TASK TO COMPLETE
Take the lines below between the one holding "189.5C157.339 186.221 143.736" and the one holding "271.056C252.403 253.382 240.57", inclusive, and copy them exactly. Add nothing.

----------------------------------------

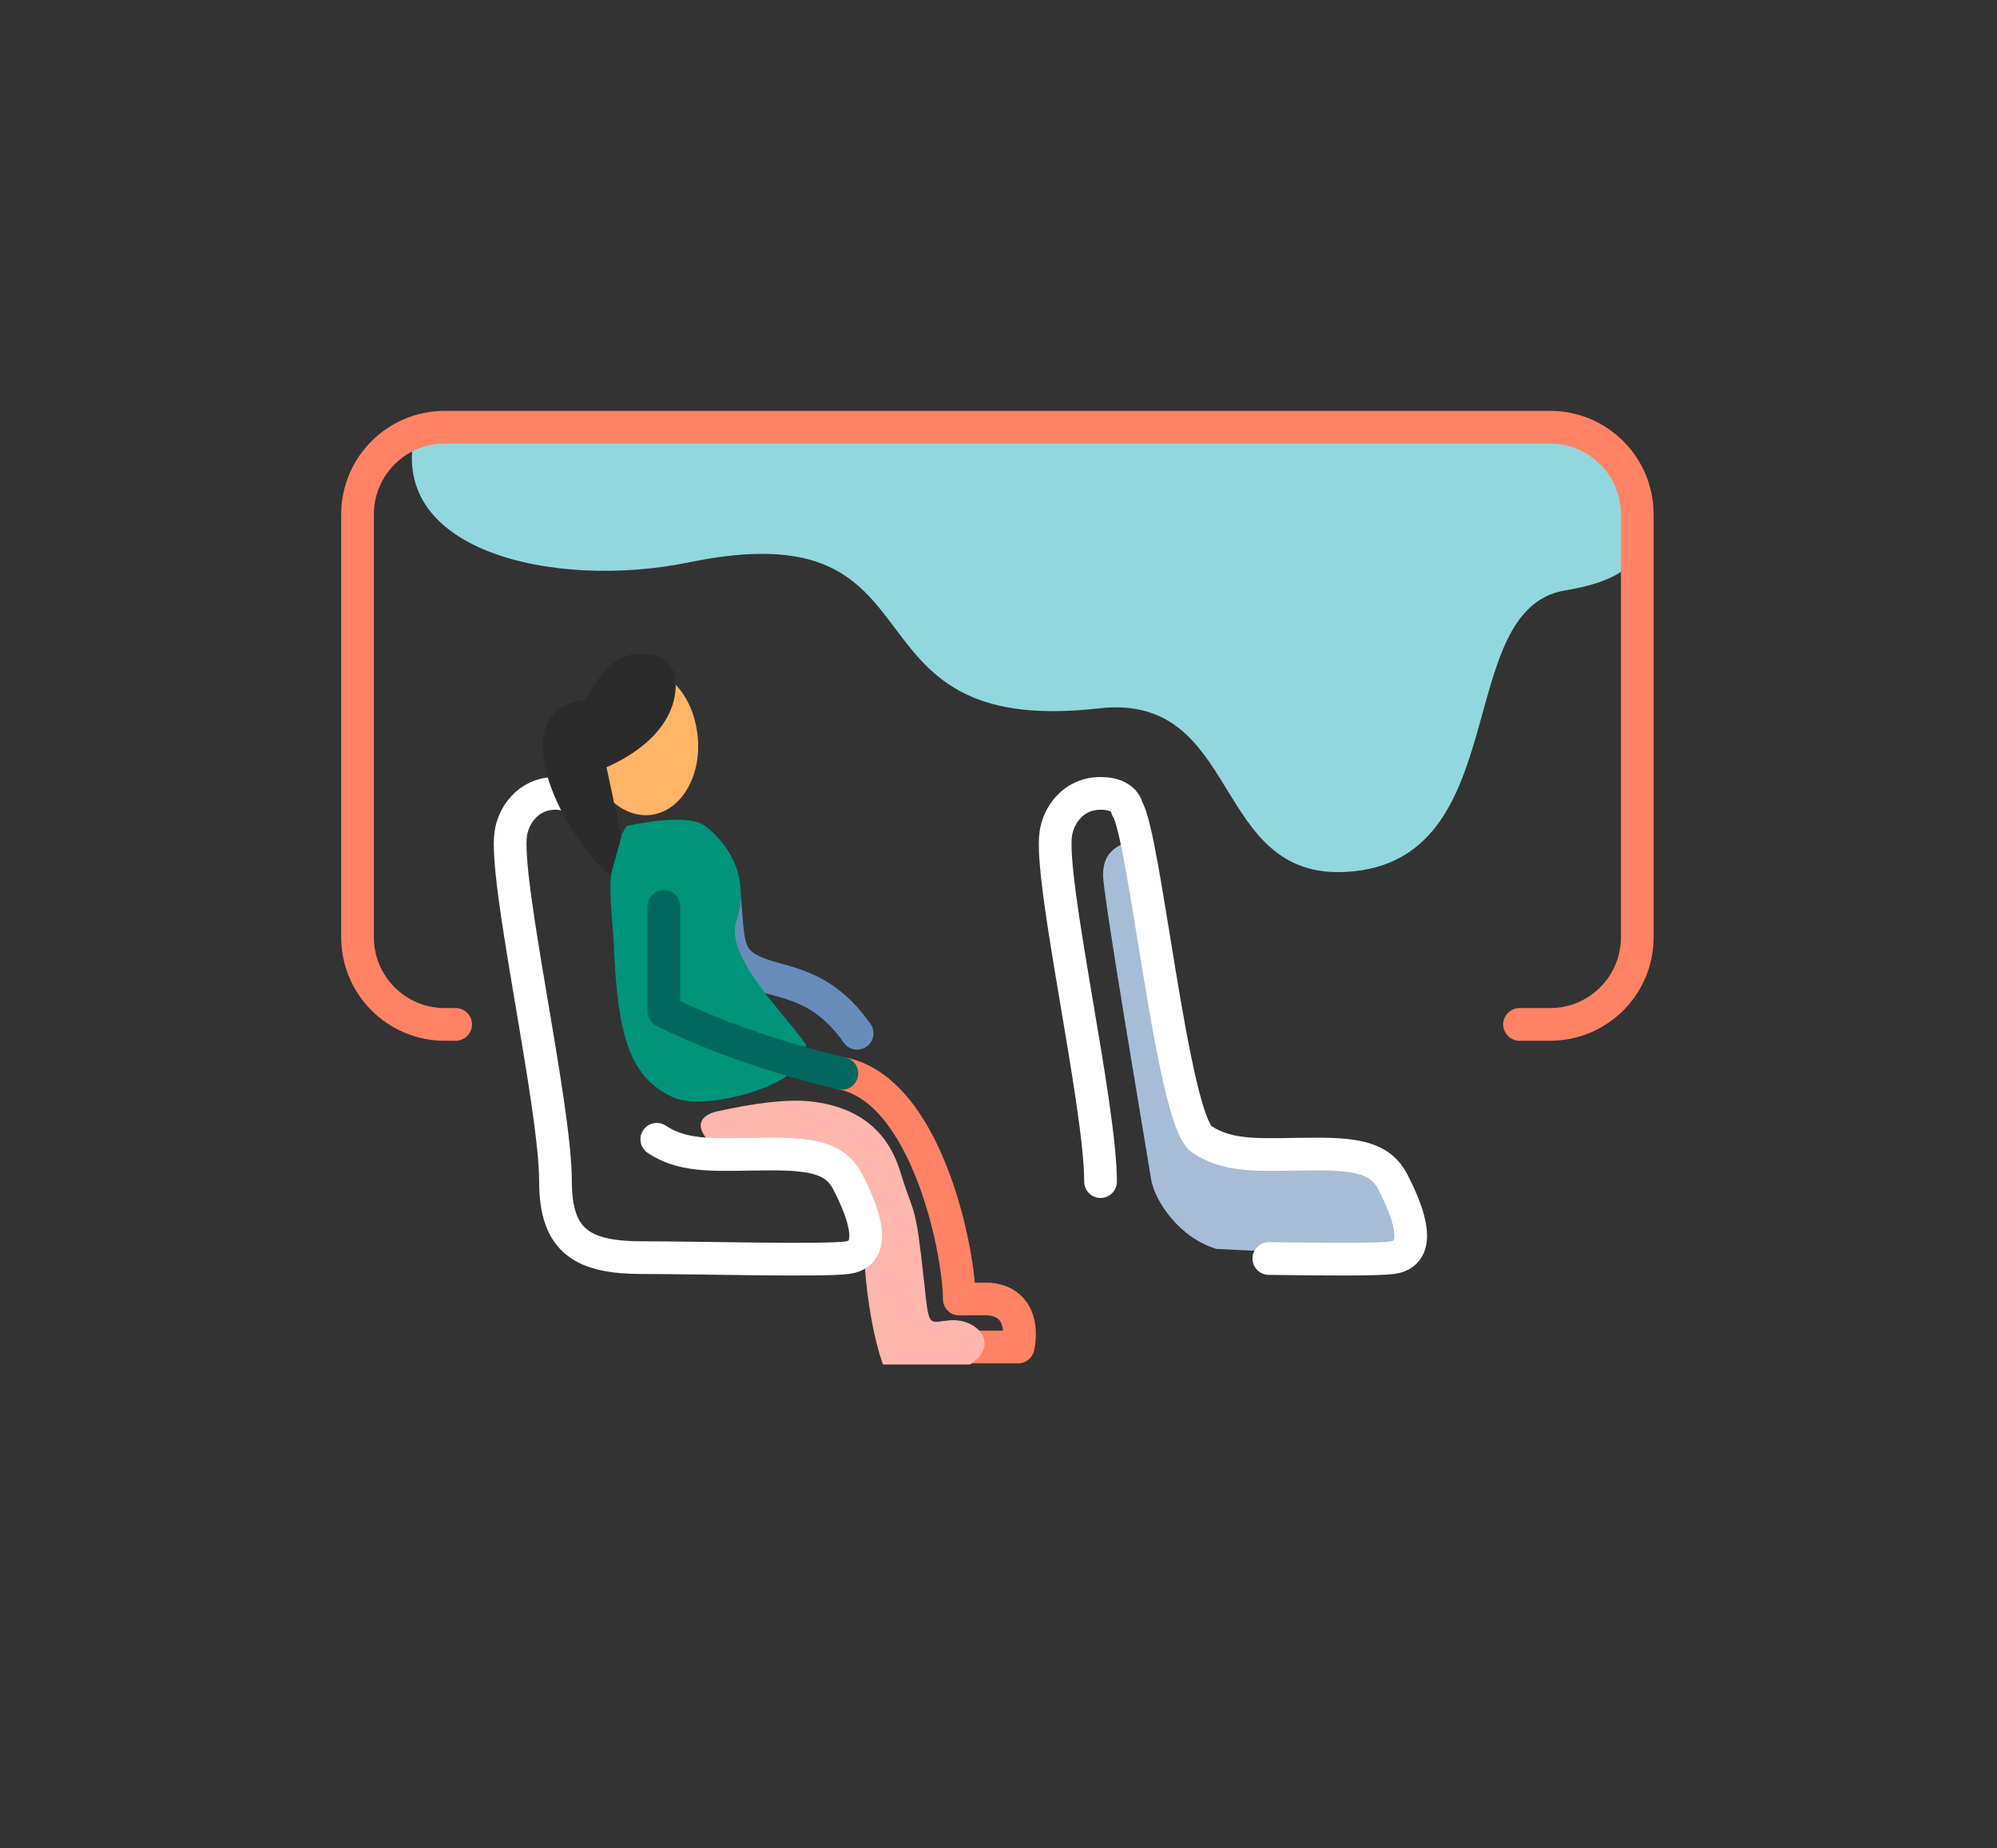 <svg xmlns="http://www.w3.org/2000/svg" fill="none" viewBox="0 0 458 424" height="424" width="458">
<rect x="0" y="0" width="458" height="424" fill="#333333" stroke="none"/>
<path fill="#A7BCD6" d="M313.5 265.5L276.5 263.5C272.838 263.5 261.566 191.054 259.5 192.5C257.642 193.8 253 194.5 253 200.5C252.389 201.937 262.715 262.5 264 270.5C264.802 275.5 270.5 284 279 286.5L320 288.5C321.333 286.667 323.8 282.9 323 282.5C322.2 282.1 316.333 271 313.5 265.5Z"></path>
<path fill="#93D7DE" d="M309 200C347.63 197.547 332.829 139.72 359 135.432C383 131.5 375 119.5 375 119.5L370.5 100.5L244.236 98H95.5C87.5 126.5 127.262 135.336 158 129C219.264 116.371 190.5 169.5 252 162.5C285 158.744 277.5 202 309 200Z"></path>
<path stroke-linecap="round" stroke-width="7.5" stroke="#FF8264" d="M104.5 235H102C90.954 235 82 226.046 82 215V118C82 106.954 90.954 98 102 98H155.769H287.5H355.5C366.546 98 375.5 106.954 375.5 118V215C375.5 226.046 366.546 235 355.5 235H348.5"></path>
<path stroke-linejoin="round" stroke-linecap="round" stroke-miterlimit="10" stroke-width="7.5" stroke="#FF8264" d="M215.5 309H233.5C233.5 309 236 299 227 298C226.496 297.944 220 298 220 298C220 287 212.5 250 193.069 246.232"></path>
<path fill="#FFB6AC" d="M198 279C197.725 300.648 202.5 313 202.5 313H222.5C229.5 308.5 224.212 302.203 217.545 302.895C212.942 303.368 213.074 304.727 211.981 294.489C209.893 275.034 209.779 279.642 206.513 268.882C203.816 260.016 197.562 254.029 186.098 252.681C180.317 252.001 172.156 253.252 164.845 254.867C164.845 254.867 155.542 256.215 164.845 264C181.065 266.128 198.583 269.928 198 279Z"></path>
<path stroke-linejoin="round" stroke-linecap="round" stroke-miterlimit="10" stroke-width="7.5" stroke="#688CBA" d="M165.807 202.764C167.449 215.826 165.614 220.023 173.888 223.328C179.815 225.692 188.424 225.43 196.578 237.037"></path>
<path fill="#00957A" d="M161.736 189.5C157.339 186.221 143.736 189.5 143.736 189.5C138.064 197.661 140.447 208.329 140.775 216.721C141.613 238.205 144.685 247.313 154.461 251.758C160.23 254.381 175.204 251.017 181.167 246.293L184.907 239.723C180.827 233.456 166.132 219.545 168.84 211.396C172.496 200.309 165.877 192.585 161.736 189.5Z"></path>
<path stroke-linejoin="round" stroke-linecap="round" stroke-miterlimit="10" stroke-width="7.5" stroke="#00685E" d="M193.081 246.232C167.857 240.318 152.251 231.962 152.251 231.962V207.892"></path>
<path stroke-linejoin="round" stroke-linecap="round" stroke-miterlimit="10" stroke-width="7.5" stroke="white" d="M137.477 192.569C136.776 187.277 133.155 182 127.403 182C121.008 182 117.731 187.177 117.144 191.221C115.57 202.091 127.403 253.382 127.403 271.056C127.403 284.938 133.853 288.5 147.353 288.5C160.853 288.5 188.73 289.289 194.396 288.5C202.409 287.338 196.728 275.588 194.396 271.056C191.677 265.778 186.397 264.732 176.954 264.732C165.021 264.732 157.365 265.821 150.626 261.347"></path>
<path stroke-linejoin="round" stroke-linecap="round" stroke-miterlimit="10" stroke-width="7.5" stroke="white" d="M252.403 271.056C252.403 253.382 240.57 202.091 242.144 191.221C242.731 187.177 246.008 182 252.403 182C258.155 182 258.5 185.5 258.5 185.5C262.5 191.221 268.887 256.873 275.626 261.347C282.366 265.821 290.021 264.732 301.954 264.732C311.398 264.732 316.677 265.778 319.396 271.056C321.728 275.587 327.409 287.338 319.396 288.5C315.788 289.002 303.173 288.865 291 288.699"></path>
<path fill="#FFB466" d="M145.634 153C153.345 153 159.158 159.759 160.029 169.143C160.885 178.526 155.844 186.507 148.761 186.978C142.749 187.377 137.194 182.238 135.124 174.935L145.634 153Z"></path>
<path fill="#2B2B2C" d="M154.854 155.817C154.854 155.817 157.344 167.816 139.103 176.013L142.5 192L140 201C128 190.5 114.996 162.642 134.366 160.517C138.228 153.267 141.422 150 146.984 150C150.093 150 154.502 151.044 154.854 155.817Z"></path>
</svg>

----------------------------------------

RESPONSE FOR THIS EXERCISE
<path fill="#00957A" d="M161.736 189.5C157.339 186.221 143.736 189.5 143.736 189.5C138.064 197.661 140.447 208.329 140.775 216.721C141.613 238.205 144.685 247.313 154.461 251.758C160.23 254.381 175.204 251.017 181.167 246.293L184.907 239.723C180.827 233.456 166.132 219.545 168.84 211.396C172.496 200.309 165.877 192.585 161.736 189.5Z"></path>
<path stroke-linejoin="round" stroke-linecap="round" stroke-miterlimit="10" stroke-width="7.5" stroke="#00685E" d="M193.081 246.232C167.857 240.318 152.251 231.962 152.251 231.962V207.892"></path>
<path stroke-linejoin="round" stroke-linecap="round" stroke-miterlimit="10" stroke-width="7.5" stroke="white" d="M137.477 192.569C136.776 187.277 133.155 182 127.403 182C121.008 182 117.731 187.177 117.144 191.221C115.57 202.091 127.403 253.382 127.403 271.056C127.403 284.938 133.853 288.5 147.353 288.5C160.853 288.5 188.73 289.289 194.396 288.5C202.409 287.338 196.728 275.588 194.396 271.056C191.677 265.778 186.397 264.732 176.954 264.732C165.021 264.732 157.365 265.821 150.626 261.347"></path>
<path stroke-linejoin="round" stroke-linecap="round" stroke-miterlimit="10" stroke-width="7.5" stroke="white" d="M252.403 271.056C252.403 253.382 240.57 202.091 242.144 191.221C242.731 187.177 246.008 182 252.403 182C258.155 182 258.5 185.5 258.5 185.5C262.5 191.221 268.887 256.873 275.626 261.347C282.366 265.821 290.021 264.732 301.954 264.732C311.398 264.732 316.677 265.778 319.396 271.056C321.728 275.587 327.409 287.338 319.396 288.5C315.788 289.002 303.173 288.865 291 288.699"></path>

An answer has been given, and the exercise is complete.